Cóż, taki to był czas w roku, okres hucznych zabaw i biesiad… Trzeba przyznać, że widok kilkudziesięciu osób z na wpół zasłoniętymi twarzami był co najmniej osobliwy.
– Pięknie, wpadliśmy wprost na bal karnawałowy – stwierdził Janek.

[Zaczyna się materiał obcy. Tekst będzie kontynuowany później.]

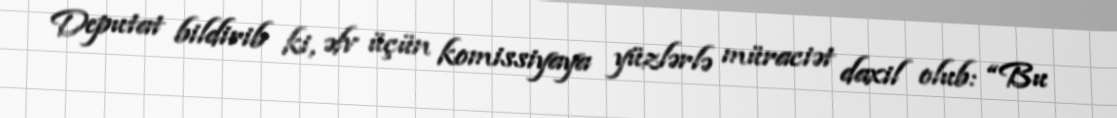
Deputat bildirib ki, əfv üçün komissiyaya yüzlərlə müraciət daxil olub: “Bu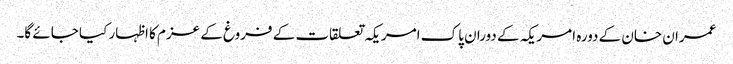
عمران خان کے دورہ امریکہ کے دوران پاک امریکہ تعلقات کے فروغ کے عزم کا اظہار کیا جائے گا۔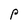
Character: P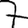
Digit: 7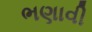
ભણાવી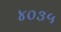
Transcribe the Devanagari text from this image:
४०३५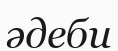
әдеби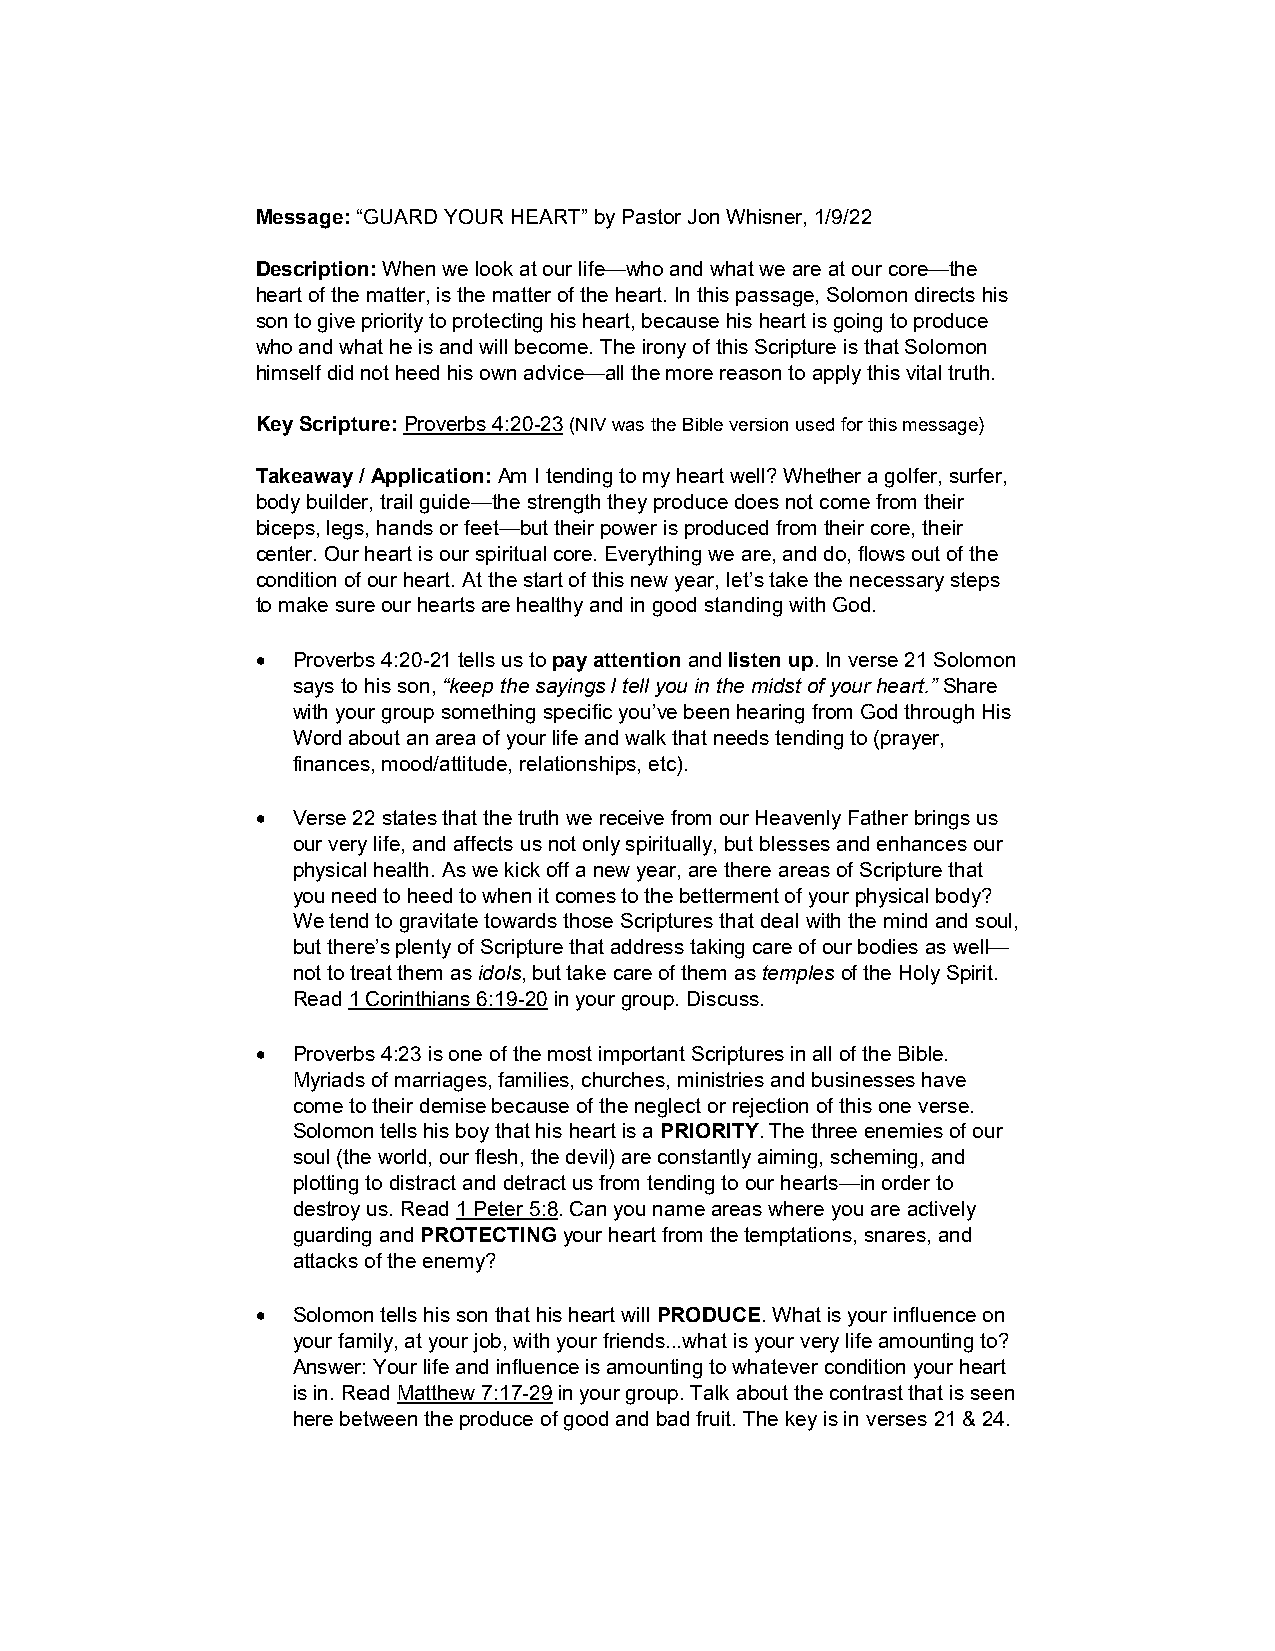
Message: “GUARD YOUR HEART” by Pastor Jon Whisner, 1/9/22
 Description: When we look at our life—who and what we are at our core—the
 heart of the matter, is the matter of the heart. In this passage, Solomon directs his
 son to give priority to protecting his heart, because his heart is going to produce
 who and what he is and will become. The irony of this Scripture is that Solomon
 himself did not heed his own advice—all the more reason to apply this vital truth.
 Key Scripture: Proverbs 4:20-23 (NIV was the Bible version used for this message)
 Takeaway / Application: Am I tending to my heart well? Whether a golfer, surfer,
 body builder, trail guide—the strength they produce does not come from their
 biceps, legs, hands or feet—but their power is produced from their core, their
 center. Our heart is our spiritual core. Everything we are, and do, flows out of the
 condition of our heart. At the start of this new year, let’s take the necessary steps
 to make sure our hearts are healthy and in good standing with God.
 · Proverbs 4:20-21 tells us to pay attention and listen up. In verse 21 Solomon
 says to his son, “keep the sayings I tell you in the midst of your heart.” Share
 with your group something specific you’ve been hearing from God through His
 Word about an area of your life and walk that needs tending to (prayer,
 finances, mood/attitude, relationships, etc).
 · Verse 22 states that the truth we receive from our Heavenly Father brings us
 our very life, and affects us not only spiritually, but blesses and enhances our
 physical health. As we kick off a new year, are there areas of Scripture that
 you need to heed to when it comes to the betterment of your physical body?
 We tend to gravitate towards those Scriptures that deal with the mind and soul,
 but there’s plenty of Scripture that address taking care of our bodies as well—
 not to treat them as idols, but take care of them as temples of the Holy Spirit.
 Read 1 Corinthians 6:19-20 in your group. Discuss.
 · Proverbs 4:23 is one of the most important Scriptures in all of the Bible.
 Myriads of marriages, families, churches, ministries and businesses have
 come to their demise because of the neglect or rejection of this one verse.
 Solomon tells his boy that his heart is a PRIORITY. The three enemies of our
 soul (the world, our flesh, the devil) are constantly aiming, scheming, and
 plotting to distract and detract us from tending to our hearts—in order to
 destroy us. Read 1 Peter 5:8. Can you name areas where you are actively
 guarding and PROTECTING your heart from the temptations, snares, and
 attacks of the enemy?
 · Solomon tells his son that his heart will PRODUCE. What is your influence on
 your family, at your job, with your friends...what is your very life amounting to?
 Answer: Your life and influence is amounting to whatever condition your heart
 is in. Read Matthew 7:17-29 in your group. Talk about the contrast that is seen
 here between the produce of good and bad fruit. The key is in verses 21 & 24.

W tym samym momencie podszedł do nas starszy, dystyngowany pan. Okazało się, że to hotelowy recepcjonista, którego przedtem najwyraźniej nie zauważyliśmy.
– Witam, czym mogę służyć? – zapytał po angielsku z silnym, wschodnim akcentem.
– Nie wiem, czy dobrze trafiliśmy… – zaczęłam, spoglądając niepewnie w stronę sali pełnej ludzi. – Chcieliśmy wynająć pokój na jedną noc.
– Oczywiście, proszę za mną – powiedział mężczyzna, po czym wezwał chłopca od bagaży i zaprowadził nas na górę po wielkich marmurowych schodach.
– Na dole odbywa się właśnie bal dyplomatów – tłumaczył. – Mam dziś sporo pracy, zatem najlepiej będzie, jeśli wszelkich formalności dopełnimy rano. To tutaj – przystanął przed pięknym, rzeźbionymi drzwiami. – Jeśli będą państwo czegoś potrzebować, proszę dzwonić. Numer do recepcji to 225. Życzę dobrej nocy.
Czy tylko mi się zdawało, czy ten facet, zanim odszedł, rzucił mi lubieżne spojrzenie?
Za to wrażenie mojego męża było zupełnie odmienne.
– Widziałaś, jak on się na mnie gapił? – spytał Janek, gdy tylko zamknęły się za nami drzwi pokoju. – Jak pies na michę kiełbasy! Stary zbok!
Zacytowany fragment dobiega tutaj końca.